[Extracted records]
━━━━━━

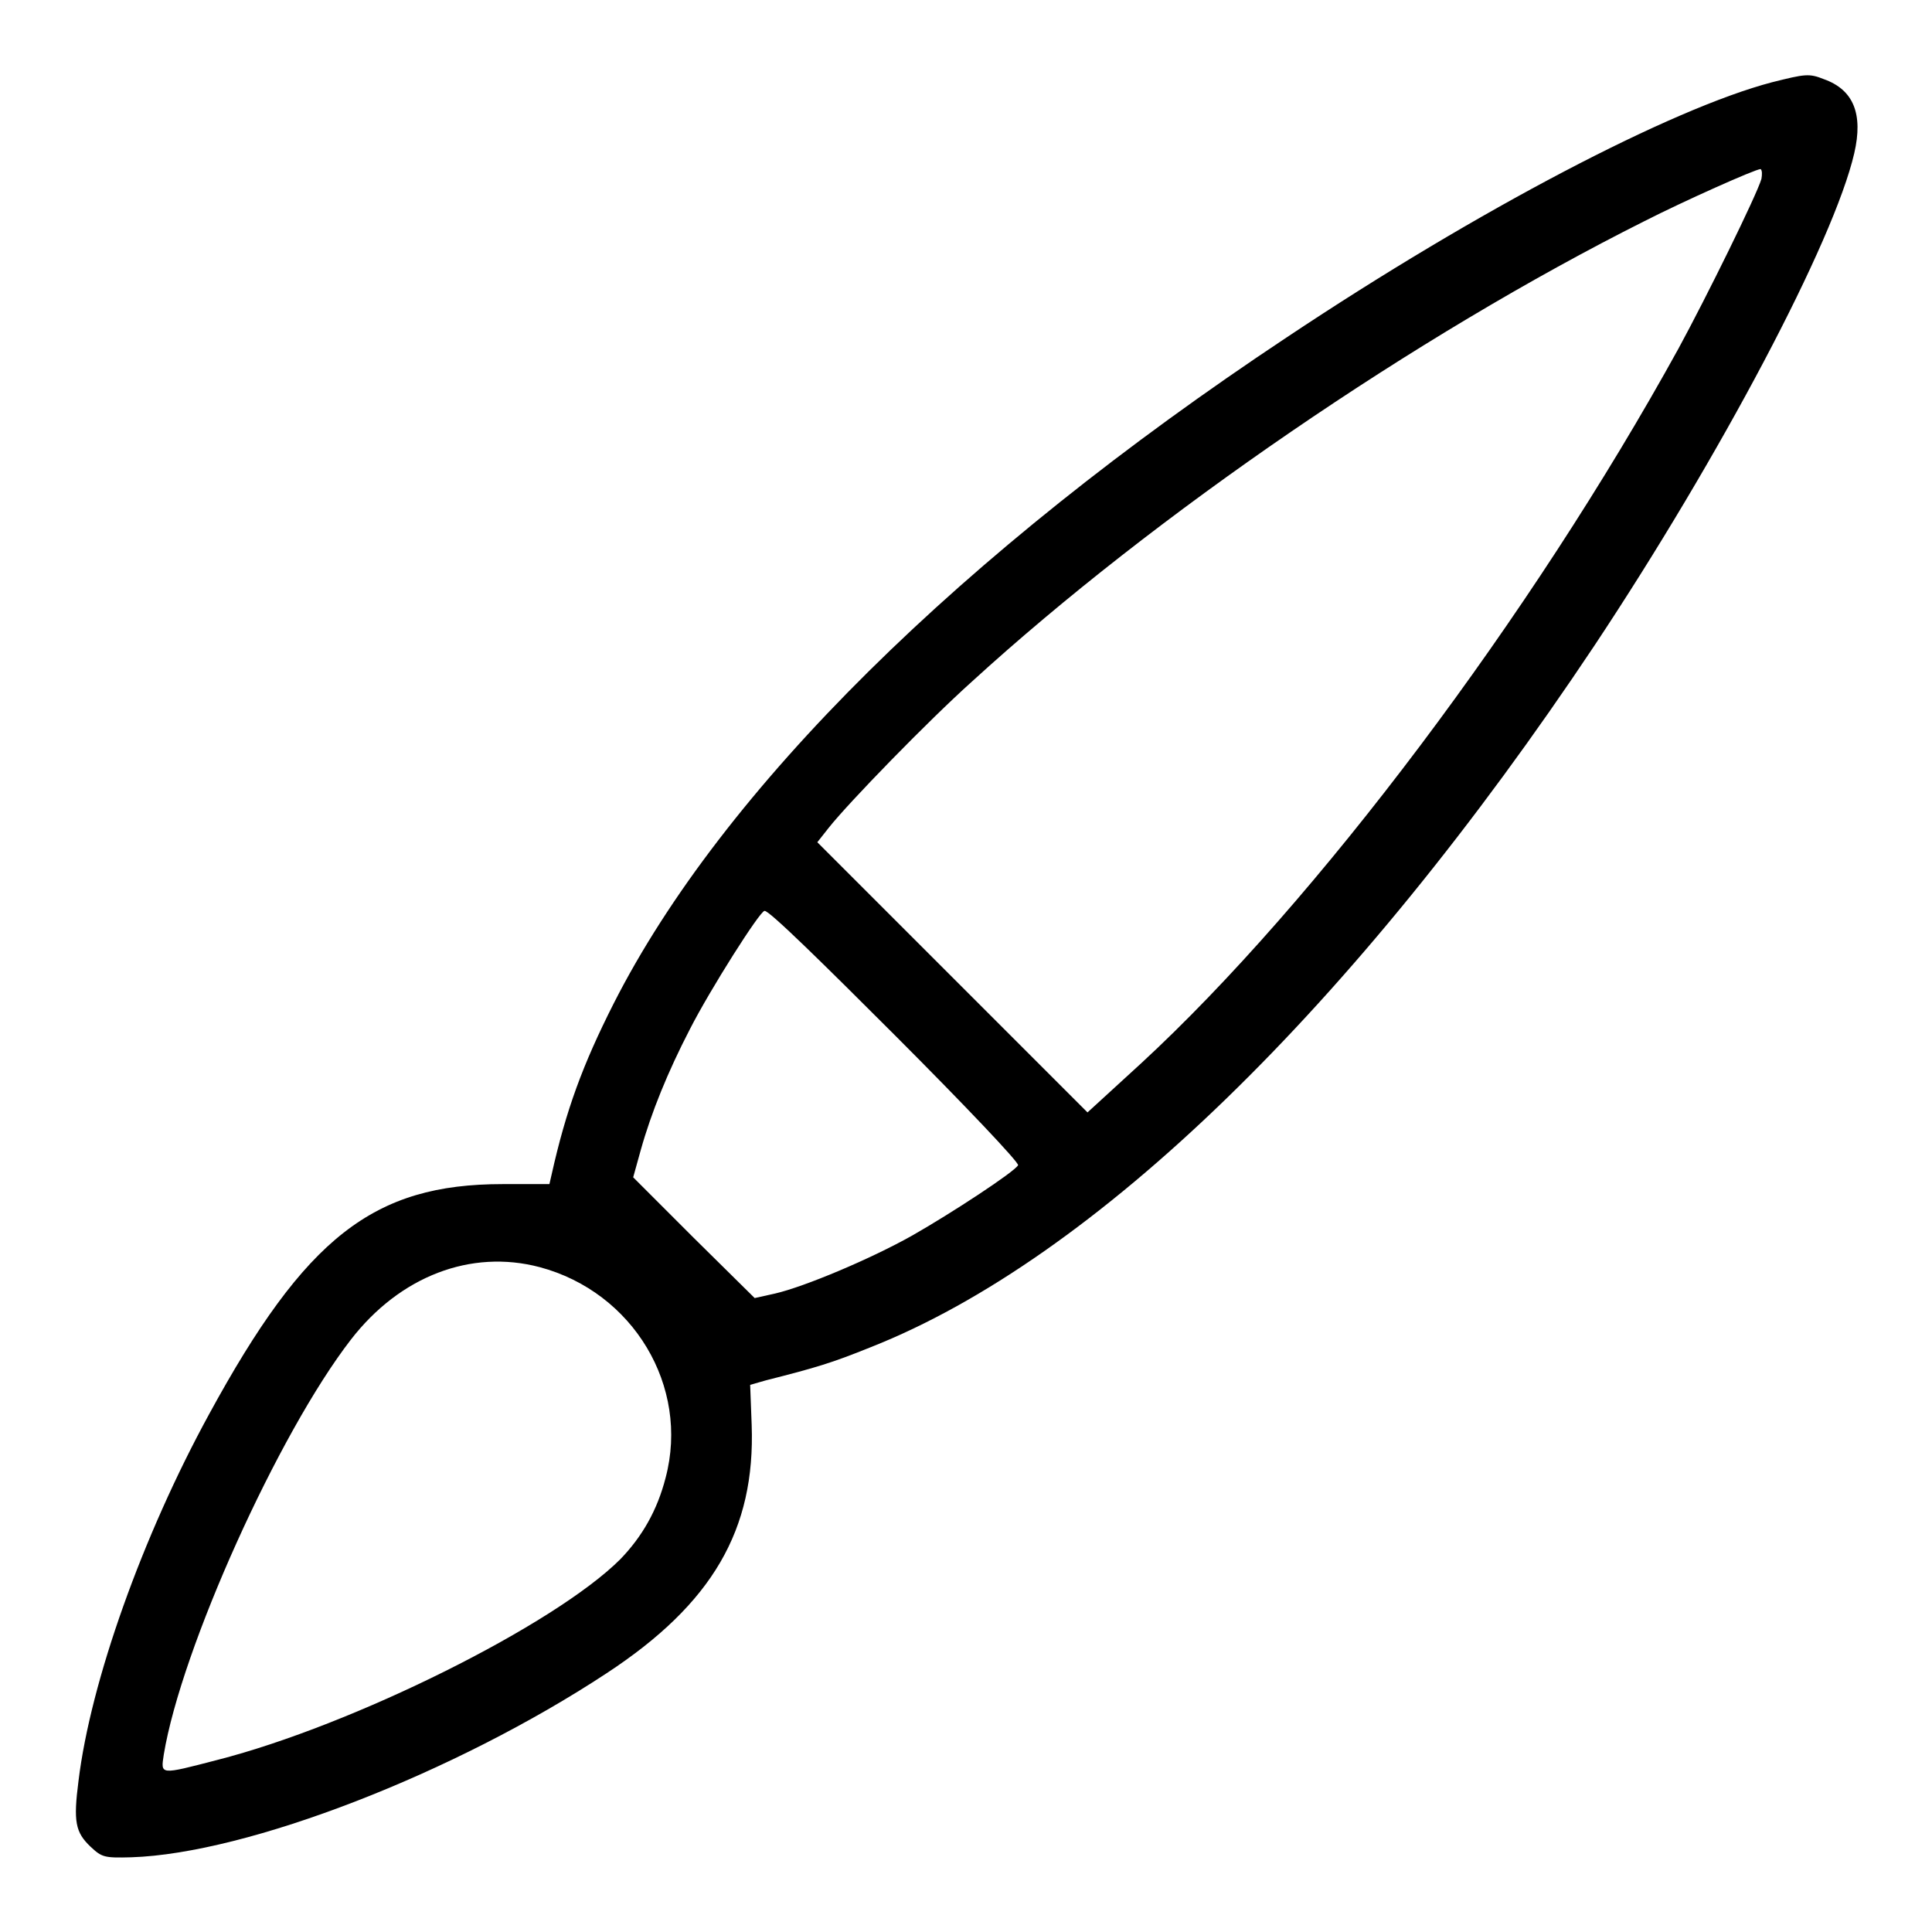 <?xml version="1.0" encoding="utf-8"?>
<!-- Svg Vector Icons : http://www.onlinewebfonts.com/icon -->
<!DOCTYPE svg PUBLIC "-//W3C//DTD SVG 1.1//EN" "http://www.w3.org/Graphics/SVG/1.1/DTD/svg11.dtd">
<svg version="1.1" xmlns="http://www.w3.org/2000/svg" xmlns:xlink="http://www.w3.org/1999/xlink" x="0px" y="0px" viewBox="0 0 256 256" enable-background="new 0 0 256 256" xml:space="preserve">
<g><g><g><path fill="#000000" d="M234.8,10.9c-13.3,3.5-38.8,16.8-64.3,33.8c-43.1,28.6-74.8,59.9-89.2,88.3c-4.1,8.1-6.3,14.1-8.2,22.6l-0.3,1.3h-6.2c-17.1,0-26.1,7-38.9,30.5c-8.8,16.1-15.7,35.4-17.3,48.6c-0.7,5.4-0.4,6.8,1.6,8.7c1.5,1.4,1.8,1.5,5.4,1.4c15.4-0.5,42.8-11.1,63-24.4c14-9.2,19.7-19,19.2-32.9l-0.2-5.3l2.1-0.6c6.7-1.7,8.7-2.3,13.9-4.4c29.6-11.7,63.9-45,95.9-93c16.6-25,31.7-53.5,34.4-65.2c1.2-5.2-0.1-8.4-4-9.8C239.7,9.7,239.2,9.8,234.8,10.9z M233.4,23.7c-0.6,2.1-7.3,15.7-11,22.5c-19.5,35.4-48,73.3-71.2,94.7l-7.1,6.5l-17.9-17.9l-17.9-17.9l1.5-1.9c2.6-3.3,13.2-14.2,19-19.4c24.2-22.1,58.8-45.8,89.1-61c5.1-2.6,14.7-6.9,15.4-6.9C233.5,22.6,233.5,23.1,233.4,23.7z M118.6,137.2c9.2,9.2,16.5,16.9,16.3,17.2c-0.5,0.9-8.9,6.4-14,9.3c-5.5,3.1-14.3,6.8-18.2,7.7l-2.7,0.6l-8.1-8l-8-8l1-3.6c1.4-5,3.6-10.4,6.5-16c2.7-5.3,9.3-15.7,9.9-15.7C101.8,120.5,109.4,128,118.6,137.2z M71.5,167.9c12.4,3.3,19.9,15.8,16.7,27.9c-1.1,4.3-3.1,7.8-6,10.8c-8.7,8.7-35.4,22-53.4,26.6c-7.7,2-7.5,2-7.1-0.7c2.3-14,15.2-42.6,24.8-55C53,169.1,62.4,165.5,71.5,167.9z"/></g></g></g>
</svg>
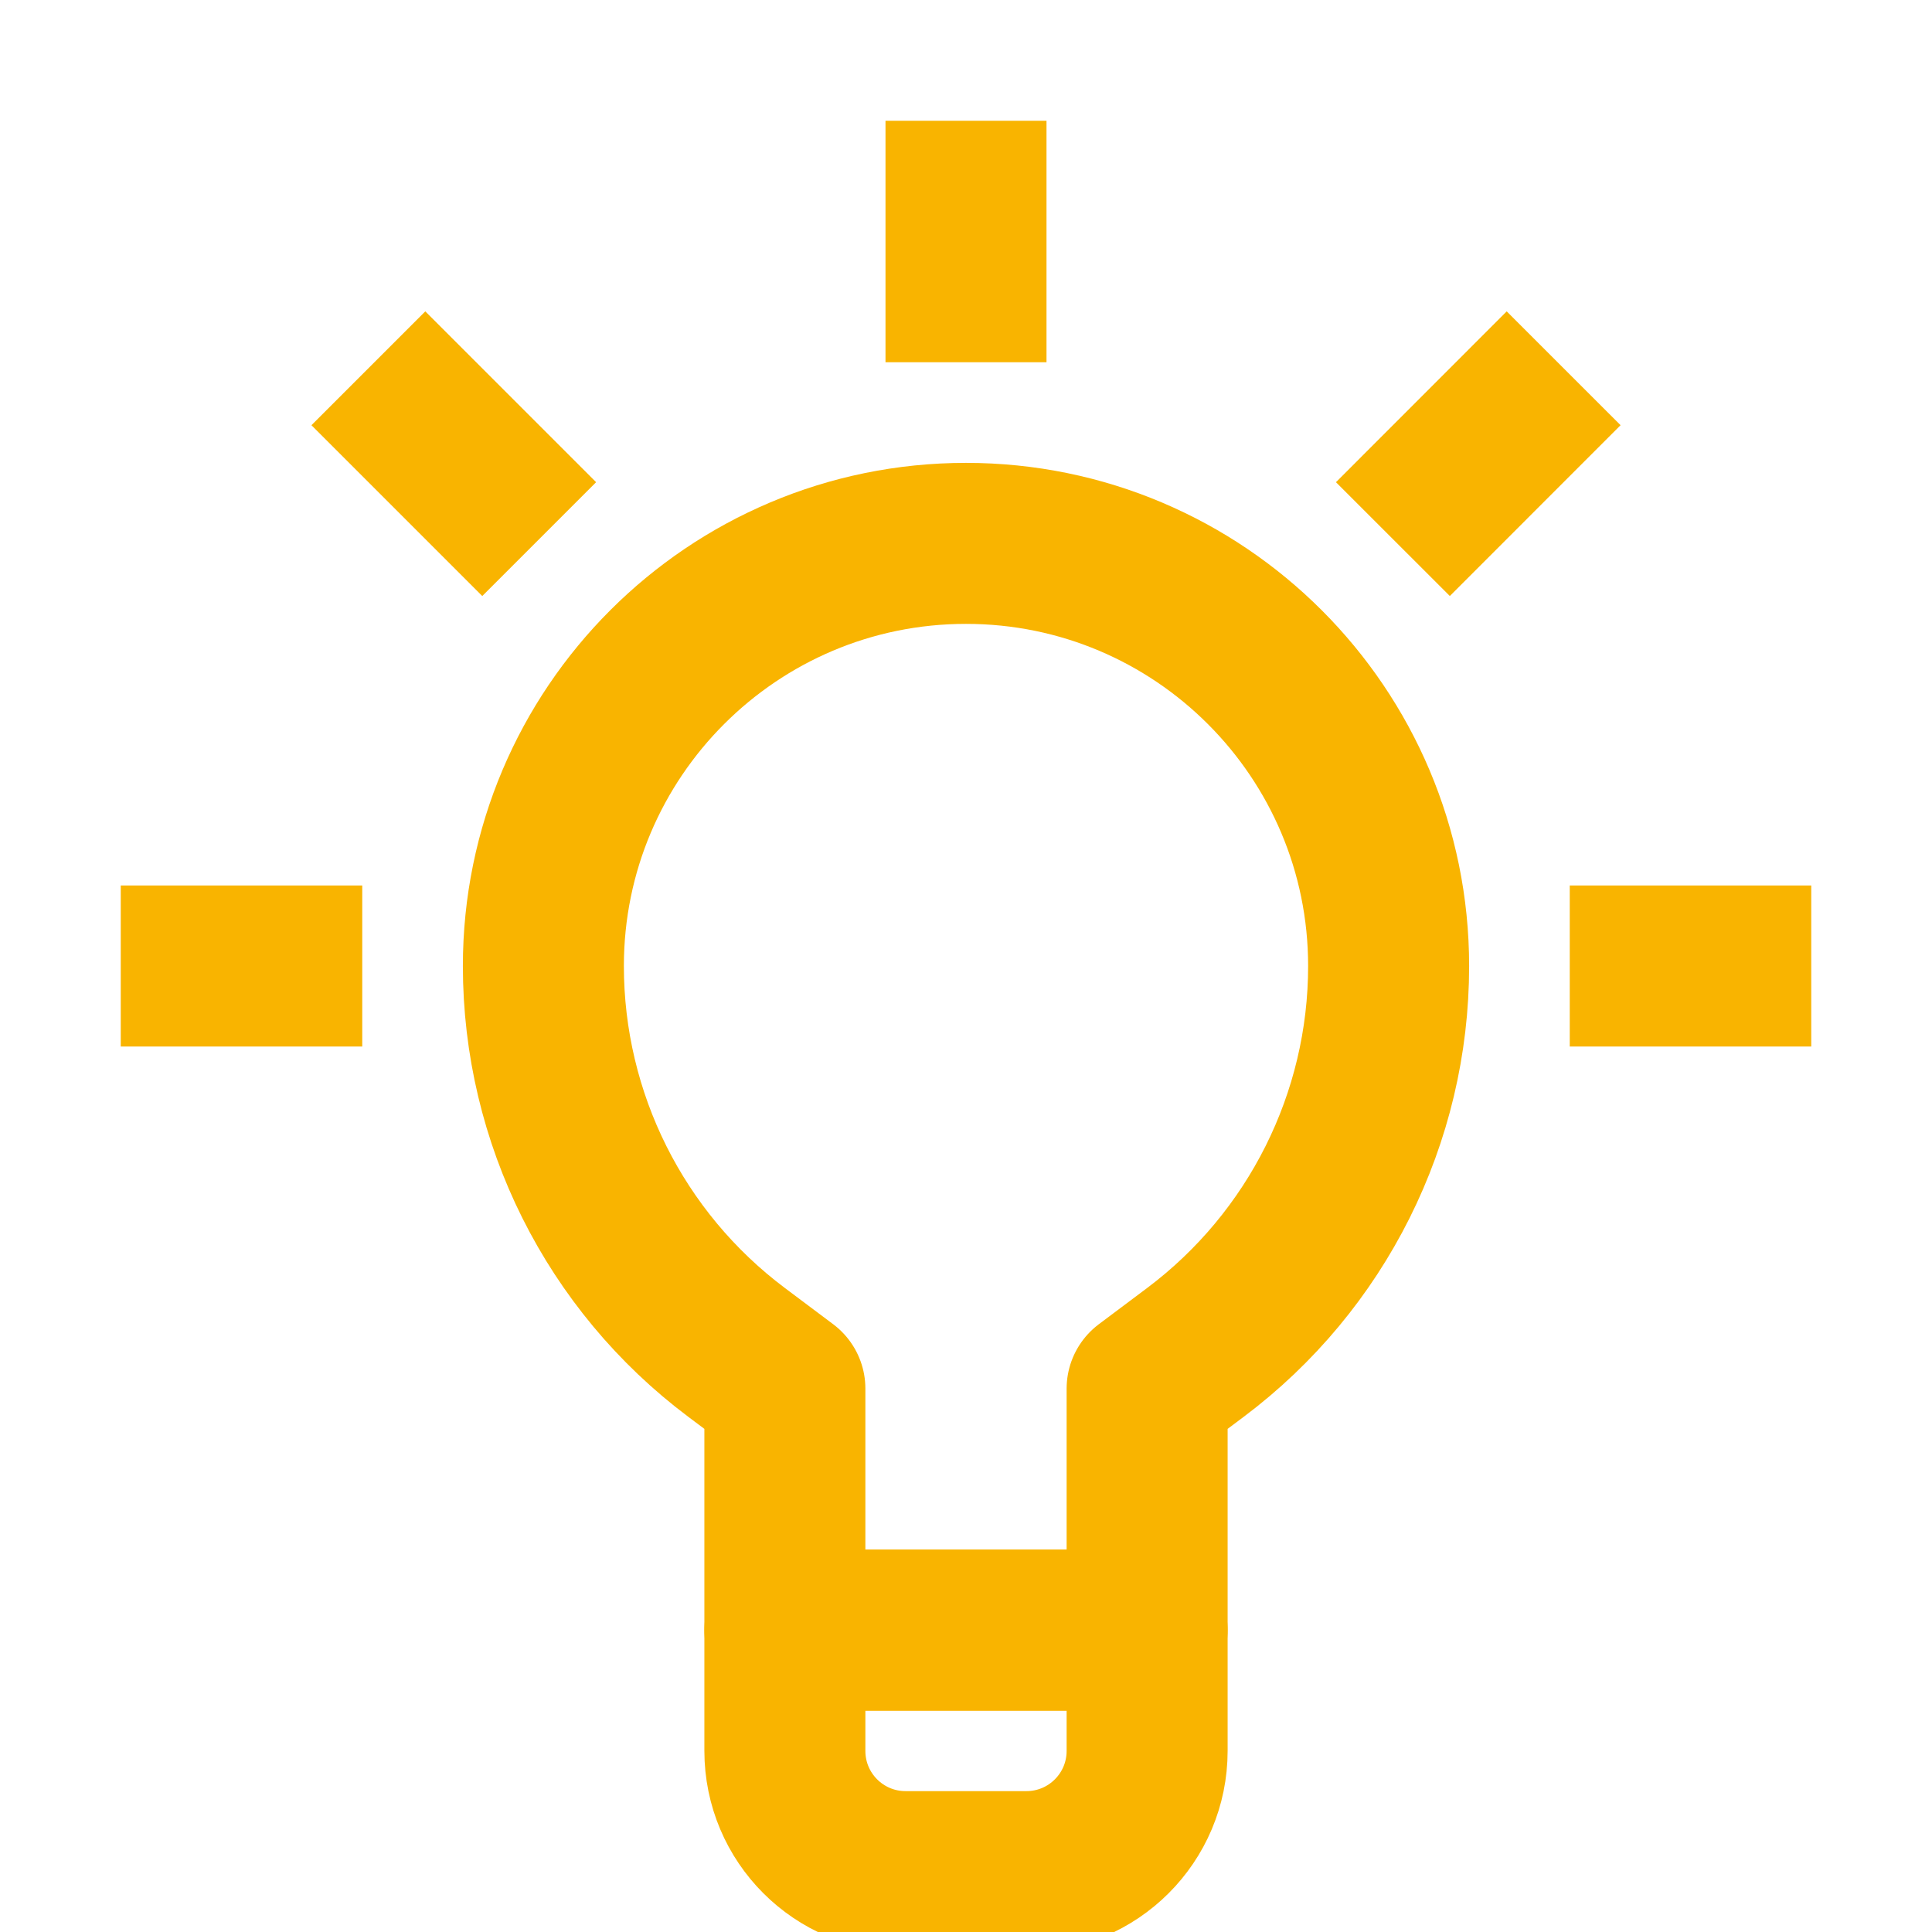<?xml version="1.0" encoding="UTF-8"?>
<svg xmlns="http://www.w3.org/2000/svg" width="24" height="24" viewBox="0 0 24 24" fill="none">
  <g clip-path="url(#clip0_8_4085)">
    <path d="M12.75 23.25H11.25C10.421 23.25 9.75 22.579 9.75 21.75V20.25H14.25V21.75C14.25 22.579 13.579 23.25 12.75 23.25Z" stroke="#F9B400" stroke-width="2" stroke-miterlimit="10" stroke-linejoin="round"></path>
    <path d="M17.25 12C17.25 13.889 16.36 15.667 14.85 16.8L14.25 17.25V20.25H9.75V17.25L9.15 16.8C7.639 15.667 6.75 13.889 6.75 12C6.75 9.101 9.101 6.75 12 6.75C14.899 6.75 17.25 9.101 17.25 12Z" stroke="#F9B400" stroke-width="2" stroke-miterlimit="10" stroke-linejoin="round"></path>
    <path d="M12 4.5V1.5" stroke="#F9B400" stroke-width="2" stroke-miterlimit="10" stroke-linejoin="round"></path>
    <path d="M6.698 6.697L4.576 4.575" stroke="#F9B400" stroke-width="2" stroke-miterlimit="10" stroke-linejoin="round"></path>
    <path d="M17.303 6.697L19.424 4.575" stroke="#F9B400" stroke-width="2" stroke-miterlimit="10" stroke-linejoin="round"></path>
    <path d="M4.5 12H1.5" stroke="#F9B400" stroke-width="2" stroke-miterlimit="10" stroke-linejoin="round"></path>
    <path d="M19.5 12H22.5" stroke="#F9B400" stroke-width="2" stroke-miterlimit="10" stroke-linejoin="round"></path>
  </g>
  <defs>
    <clipPath id="clip0_8_4085">
      <rect width="24" height="24" fill="white"></rect>
    </clipPath>
  </defs>
</svg>

━━━━━━

** Problem **
Write out all the entries word for word, but skip any images.

** Response below **
 <?xml version="1.0" encoding="utf-8"?>
<!-- Svg Vector Icons : http://www.onlinewebfonts.com/icon -->
<!DOCTYPE svg PUBLIC "-//W3C//DTD SVG 1.1//EN" "http://www.w3.org/Graphics/SVG/1.1/DTD/svg11.dtd">
<svg version="1.1" xmlns="http://www.w3.org/2000/svg" xmlns:xlink="http://www.w3.org/1999/xlink" x="0px" y="0px" viewBox="0 0 256 256" enable-background="new 0 0 256 256" xml:space="preserve">
<g><g><g><path fill="#000000" d="M234.8,10.9c-13.3,3.5-38.8,16.8-64.3,33.8c-43.1,28.6-74.8,59.9-89.2,88.3c-4.1,8.1-6.3,14.1-8.2,22.6l-0.3,1.3h-6.2c-17.1,0-26.1,7-38.9,30.5c-8.8,16.1-15.7,35.4-17.3,48.6c-0.7,5.4-0.4,6.8,1.6,8.7c1.5,1.4,1.8,1.5,5.4,1.4c15.4-0.5,42.8-11.1,63-24.4c14-9.2,19.7-19,19.2-32.9l-0.2-5.3l2.1-0.6c6.7-1.7,8.7-2.3,13.9-4.4c29.6-11.7,63.9-45,95.9-93c16.6-25,31.7-53.5,34.4-65.2c1.2-5.2-0.1-8.4-4-9.8C239.7,9.7,239.2,9.8,234.8,10.9z M233.4,23.7c-0.6,2.1-7.3,15.7-11,22.5c-19.5,35.4-48,73.3-71.2,94.7l-7.1,6.5l-17.9-17.9l-17.9-17.9l1.5-1.9c2.6-3.3,13.2-14.2,19-19.4c24.2-22.1,58.8-45.8,89.1-61c5.1-2.6,14.7-6.9,15.4-6.9C233.5,22.6,233.5,23.1,233.4,23.7z M118.6,137.2c9.2,9.2,16.5,16.9,16.3,17.2c-0.5,0.9-8.9,6.4-14,9.3c-5.5,3.1-14.3,6.8-18.2,7.7l-2.7,0.6l-8.1-8l-8-8l1-3.6c1.4-5,3.6-10.4,6.5-16c2.7-5.3,9.3-15.7,9.9-15.7C101.8,120.5,109.4,128,118.6,137.2z M71.5,167.9c12.4,3.3,19.9,15.8,16.7,27.9c-1.1,4.3-3.1,7.8-6,10.8c-8.7,8.7-35.4,22-53.4,26.6c-7.7,2-7.5,2-7.1-0.7c2.3-14,15.2-42.6,24.8-55C53,169.1,62.4,165.5,71.5,167.9z"/></g></g></g>
</svg>
<?xml version="1.0" encoding="UTF-8"?>
<svg xmlns="http://www.w3.org/2000/svg" width="24" height="24" viewBox="0 0 24 24" fill="none">
  <g clip-path="url(#clip0_8_4085)">
    <path d="M12.75 23.25H11.25C10.421 23.25 9.75 22.579 9.75 21.75V20.25H14.25V21.75C14.25 22.579 13.579 23.25 12.75 23.25Z" stroke="#F9B400" stroke-width="2" stroke-miterlimit="10" stroke-linejoin="round"></path>
    <path d="M17.25 12C17.25 13.889 16.36 15.667 14.85 16.8L14.25 17.25V20.25H9.75V17.25L9.15 16.8C7.639 15.667 6.75 13.889 6.75 12C6.75 9.101 9.101 6.75 12 6.75C14.899 6.75 17.25 9.101 17.25 12Z" stroke="#F9B400" stroke-width="2" stroke-miterlimit="10" stroke-linejoin="round"></path>
    <path d="M12 4.5V1.5" stroke="#F9B400" stroke-width="2" stroke-miterlimit="10" stroke-linejoin="round"></path>
    <path d="M6.698 6.697L4.576 4.575" stroke="#F9B400" stroke-width="2" stroke-miterlimit="10" stroke-linejoin="round"></path>
    <path d="M17.303 6.697L19.424 4.575" stroke="#F9B400" stroke-width="2" stroke-miterlimit="10" stroke-linejoin="round"></path>
    <path d="M4.5 12H1.5" stroke="#F9B400" stroke-width="2" stroke-miterlimit="10" stroke-linejoin="round"></path>
    <path d="M19.5 12H22.5" stroke="#F9B400" stroke-width="2" stroke-miterlimit="10" stroke-linejoin="round"></path>
  </g>
  <defs>
    <clipPath id="clip0_8_4085">
      <rect width="24" height="24" fill="white"></rect>
    </clipPath>
  </defs>
</svg>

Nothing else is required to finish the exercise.